Association of Catholic Priests : Report of Annual General Meeting, 01 October, 2014

The Annual General Meeting of the Association of Catholic Priests was held in the Hodson Bay, Hotel, Athlone on Wednesday, October 1 on the theme: The Vocations Crisis: will clustering work?
At the beginning of the meeting Sean McDonagh led the group in prayer calling on the Holy Spirit to guide our deliberations. He then welcomed the participants to the meeting. Sean handed over the chair to John Hughes, an Augustinian and parish priest in Galway.
The consensus was that ‘Clustering’, effectively amalgamating a number of parishes to be served by an ever-diminishing number of priests, is little more than a short-term managerial strategy to cope with (or to pretend we’re coping with) the decline in priest numbers.
The consensus of the meeting was that ‘Clustering’ is not a vocations strategy. It merely provides the perception that something is happening while it is clear to everyone that it’s a form of ‘moving the deckchairs’ to reassure the passengers in the short-term.
The consensus of the meeting was that Clustering is not working and will not work. The AGM rejected the Clustering ‘solution’, one delegate urging members to simply say ‘No’ to clustering at local level.
Four short presentations were made, reflecting on realistic options towards helping to moderate the vocations crisis.
• Denis Crosby, PP, Liscannor, argued for the ‘viri probati’ option, the ordination of married men steeped in the faith and of proven worth and character, whose formation could be fast-tracked. Hundreds are available in the parishes of Ireland. He compared present efforts to encourage vocations to a fisherman, equipped with all the appropriate gear and an immaculate casting style, who insisted on fishing in a pool with no fish, while salmon were jumping around upstream. Denis pointed out that this what Paul did in Corinth where he chose people for particular
ministries in order to build up the Body of Christ
• Liamy McNally, a married priest no longer in active ministry, instanced a neighbouring parish where six ‘former’ priests (now married) lived and where the only one allowed to minister was the local Anglican rector. The presence of hundreds of ‘former’ priests in Irish parishes was a ready-made part-solution to the present impasse. He pointed out how rural Ireland was being neglected by both the State and the Catholic Church. The state has removed Garda Barracks and Post Offices. Now the Church is abandoning rural Churches because of the lack of priests. He feels that married priests would bring particular gifts to the Christian community
• Brendan Hoban traced the history of celibacy and the Irish priesthood. While celibacy became mandatory for priesthood in the twelfth century, it was little more than an aspiration for centuries. He instanced the visit of papal commissary, David Wolfe, SJ, to the Irish Church in 1561, whose ministry was rejected by some Irish bishops because of his insistence that the bishops should part with their concubines, then an Irish solution to the celibacy problem.

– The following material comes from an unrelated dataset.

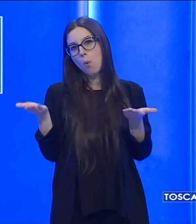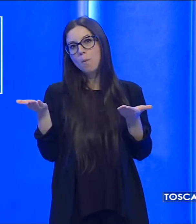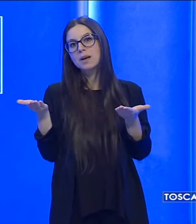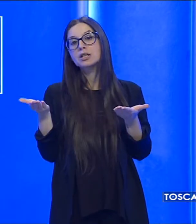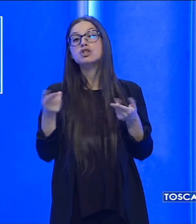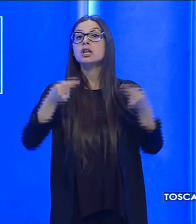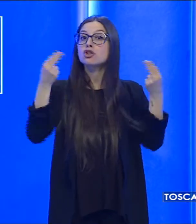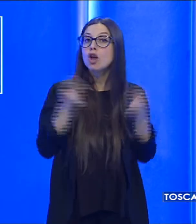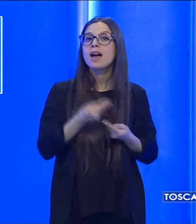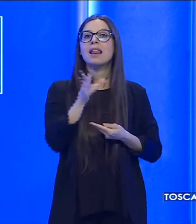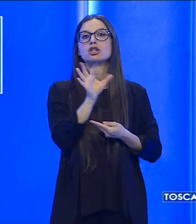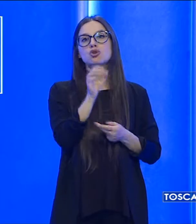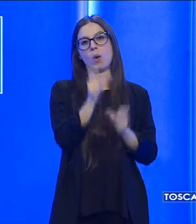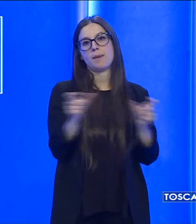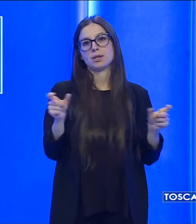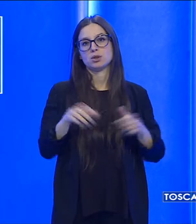50 persone.

• Gerry O’Hanlon provided a theological perspective. Celibacy was not of the essence of priesthood and the church-made regulation could and is being overturned. This was clear in the presence of married Catholic in the Uniate Churches of the East and more recently in the exception made for Church of England clergy joining the Catholic Church.
Gerry gave an example different ways of exercising ministry in the Church. Some weeks ago he attended Mass where the priest played the role of the conductor of the orchestra. Most of the liturgy was performed by lay people. There was even a shared homily. At another liturgy in another Church, the priest dominated all the roles. Gerry made the point that baptism is the primary sacrament which is shared by all believers – male and female.
From the point of view of governance of the Church, it is much better if clarity and new options are arrived at by discussion and dialogue, rather than having decisions forced on the Church unilaterally. This is what happened with the translation of the Roman liturgy. Another example was the document from Pope John Paul II, Ordinatio Sacerdotalis, restricting ordination to males. Many people, especially women, find the arguments flimsy and unconvincing and the ban on even discussing the issue would seem to indicate that those who argued for a male only priesthood are not very convinced themselves. The example of the Killaloe women challenging the reintroduction of a male only diaconate was widely quoted and supported by the assembly.
The present model of priesthood is not working. Ultimately we need to re-imagine a new form of ministry which will build up the community of the faithful and involve many people in different ministries. The community of believers must be at the centre of this new theology of priesthood.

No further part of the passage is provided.